2. SPORTİF VE SANATSAL FAALİYETLER. Birçok spor dalı ve
geleneksel ve modern sanat türleri var. Öğrencilerimizin her birinin
bir spor bir de sanatsal faaliyeti olmalı.
3. AİLECE BİRLİKTE AKTİVİTELER. Öğrenciler anne-baba ve diğer
aile fertleriyle beraber kitap okuma, birlikte ibadet etme ve gezi
gibi çeşitli aktiviteleri gerçekleştirerek bir arada olma duygusunu
geliştirmeli.
4. KAMU SPOTLARI HAZIRLANMALI. Gerek yazılı gerek görsel medyada
teknoloji bağımlılığını tüm yönleriyle ele alan bilgilendirici ilanlar
hazırlanmalı.
5. Öğrencilerin SOMUT VE MADDİ ÖDÜLLER yerine SOYUT VE MANEVİ
ÖDÜLLER ile ödüllendirmek lazım. Ödül ve ceza kullanımında aileler
para, teknolojik hediyeler yerine kitap, gezi gibi ödüller ve duygusal
ödüller kullanmalı.
6. EN ÖNEMLİSİ MODEL OLMAK. Önce ebeveyn ve önemli diğerlerinin teknoloji bağımlısı olmaması gerekir.
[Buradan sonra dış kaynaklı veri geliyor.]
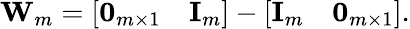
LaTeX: \mathbf W_{m}=\left[\begin{array}{ll}{\mathbf 0_{m\times 1}}&{\mathbf I_{m}}\end{array}\right]-\left[\begin{array}{ll}{\mathbf I_{m}}&{\mathbf 0_{m\times 1}}\end{array}\right].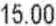
15.00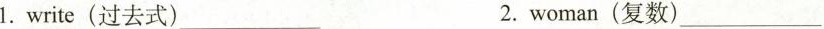
1.write(过去式) ___2.woman(复数)___
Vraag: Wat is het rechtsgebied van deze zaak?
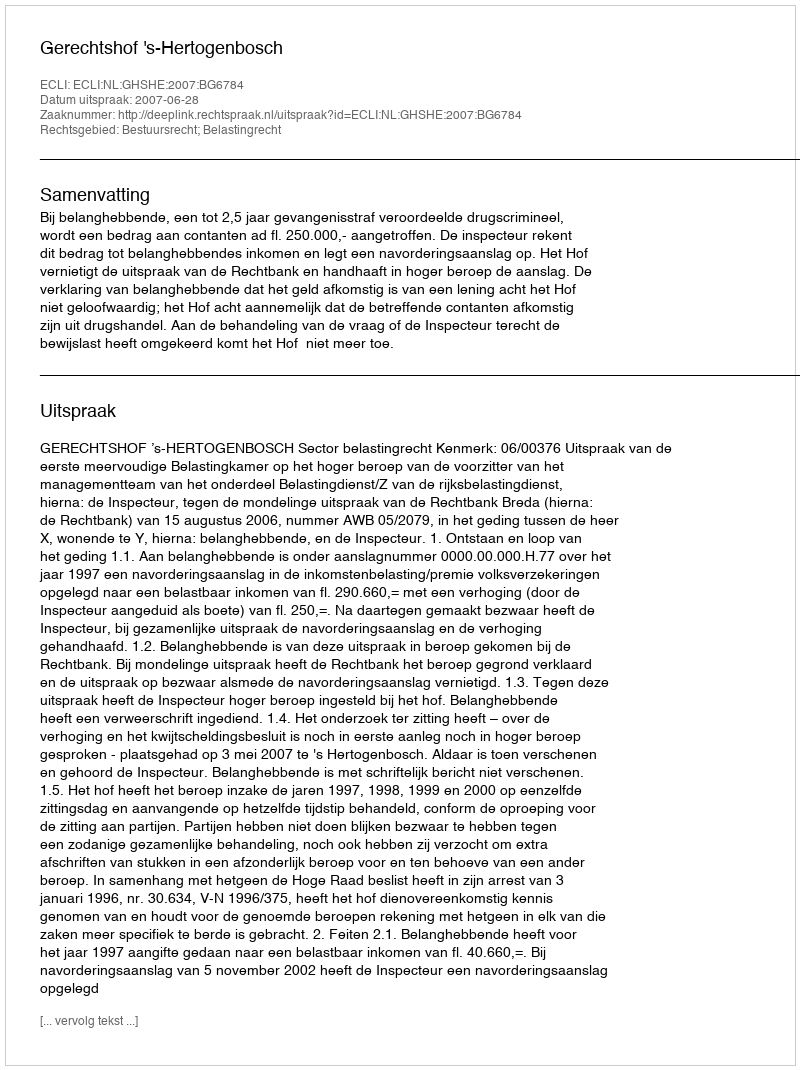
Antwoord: Bestuursrecht; Belastingrecht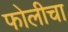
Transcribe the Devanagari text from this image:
फोलीचा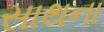
સાથના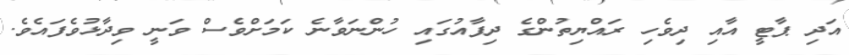
އަދި ޕާޓީ އާއި ދިވެހި ރައްޔިތުންގެ ދިފާއުގައި ހުންނަވާނެ ކަމަށްވެސް ވަނީ ވިދާޅުވެފައެވެ.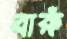
বারুঁ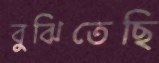
বুঝিতেছি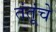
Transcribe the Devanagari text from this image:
तंतूंचे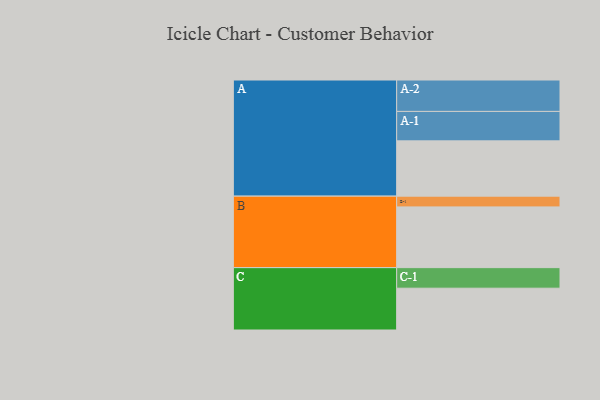
{"axis": {"x": "Segment", "y": "Value"}, "legend": ["", "A", "B", "C"], "data": [{"x": "A", "y": 447, "type": ""}, {"x": "B", "y": 491, "type": ""}, {"x": "C", "y": 338, "type": ""}, {"x": "A-1", "y": 238, "type": "A"}, {"x": "A-2", "y": 254, "type": "A"}, {"x": "B-1", "y": 87, "type": "B"}, {"x": "C-1", "y": 166, "type": "C"}]}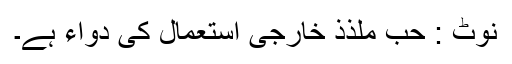
نوٹ : حبِّ مُلذِّذ خارجی استعمال کی دواء ہے۔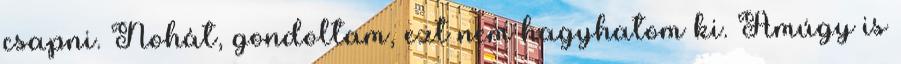
csapni. Nohát, gondoltam, ezt nem hagyhatom ki. Amúgy is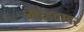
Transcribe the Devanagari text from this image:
मांडवावर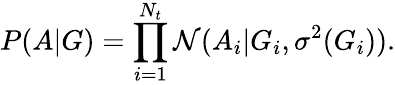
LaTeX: P(A|G)=\prod_{i=1}^{N_{t}}\mathcal{N}(A_{i}|G_{i},\sigma^{2}(G_{i})).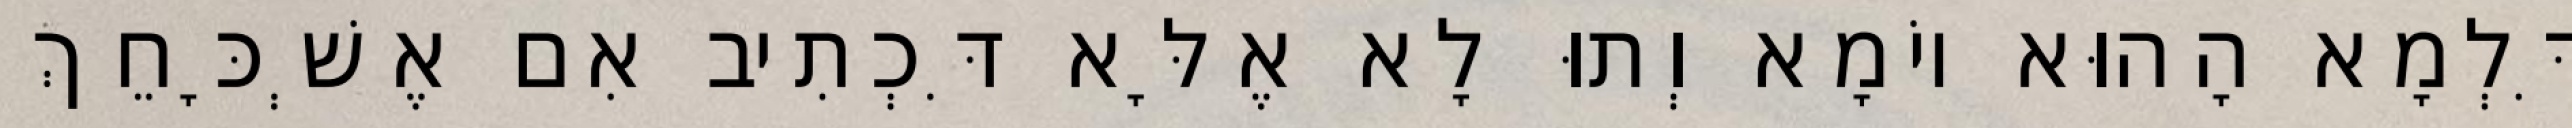
דִּלְמָא הָהוּא יוֹמָא וְתוּ לָא אֶלָּא דִּכְתִיב אִם אֶשְׁכָּחֵךְ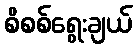
စိစစ်ရွေးချယ်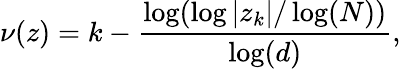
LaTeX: \nu(z)=k-{\frac{\log(\log|z_{k}|/\log(N))}{\log(d)}},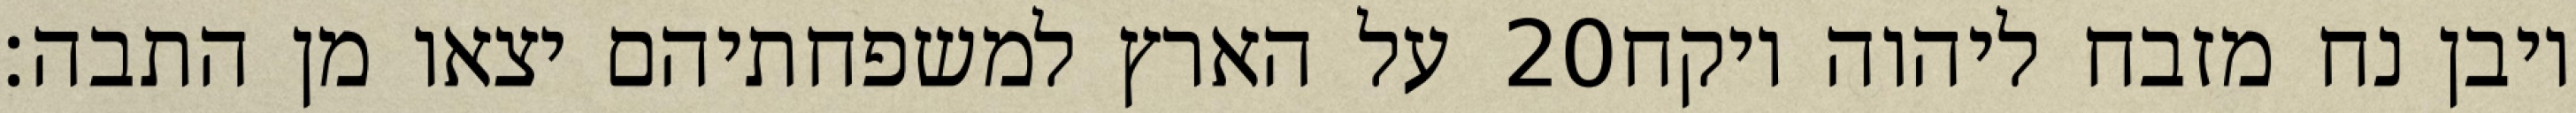
על הארץ למשפחתיהם יצאו מן התבה׃ ‎20‏ ויבן נח מזבח ליהוה ויקח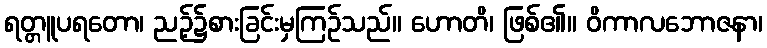
ရတ္တူပရတော၊ ညဉ့်၌စားခြင်းမှကြဉ်သည်။ ဟောတိ၊ ဖြစ်၏။ ဝိကာလဘောဇနာ၊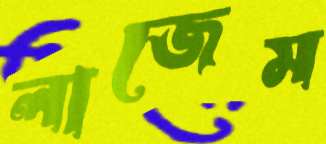
লাজেম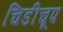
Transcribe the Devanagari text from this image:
चिडीचूप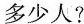
多少人？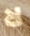
لا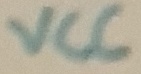
Text: CVV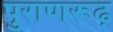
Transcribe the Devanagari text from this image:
पुराणरूढ़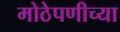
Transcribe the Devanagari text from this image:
मोठेपणीच्या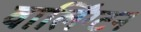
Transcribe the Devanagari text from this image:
वार्लिंग्टन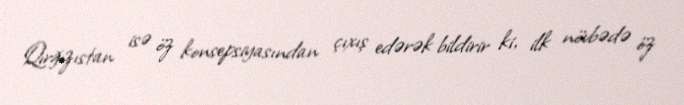
Qırğızıstan isə öz konsepsiyasından çıxış edərək bildirir ki, ilk növbədə öz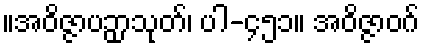
။အဝိဇ္ဇာပဉှာသုတ်၊ ပါ-၄၅၁။ အဝိဇ္ဇာဝဂ်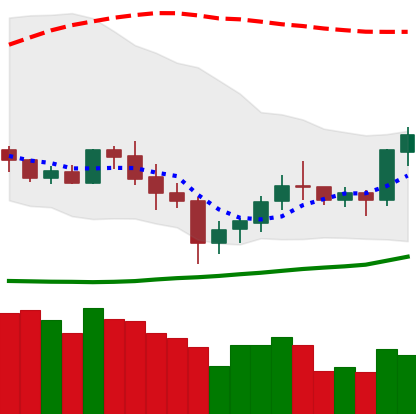
Ticker: XLM-USD
Chart end date: 2020-07-07
Forward return: 29.664%
Label: up_7plus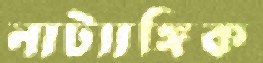
নাট্যাঙ্গিক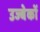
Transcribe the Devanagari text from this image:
उज्बेकों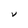
Character: V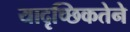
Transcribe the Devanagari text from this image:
यादृच्छिकतेने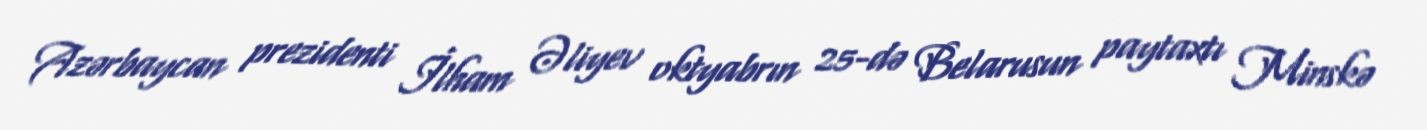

ÖNCE ANNE BABA TABLETİ veya AKILLI TELEFONU ELİNDEN BIRAKMALI SONRA BUNU ÇOCUĞUNDAN İSTEMELİ.
7. Son olarak BİYOLOJİK ANNE BABALIK ÖNEMLİ DEĞİL, ÖNEMLİ OLAN SOSYAL VE PSİKOLOJİK ANNE BABALIK. Yani çocuğumuzun bizim hanemize kayıtlı olması değil onunla ne kadar ilgilendiğimiz ve ona fiziksel değil duygusal olarak ne kadar sahip çıktığımız anne babalığın göstergesi.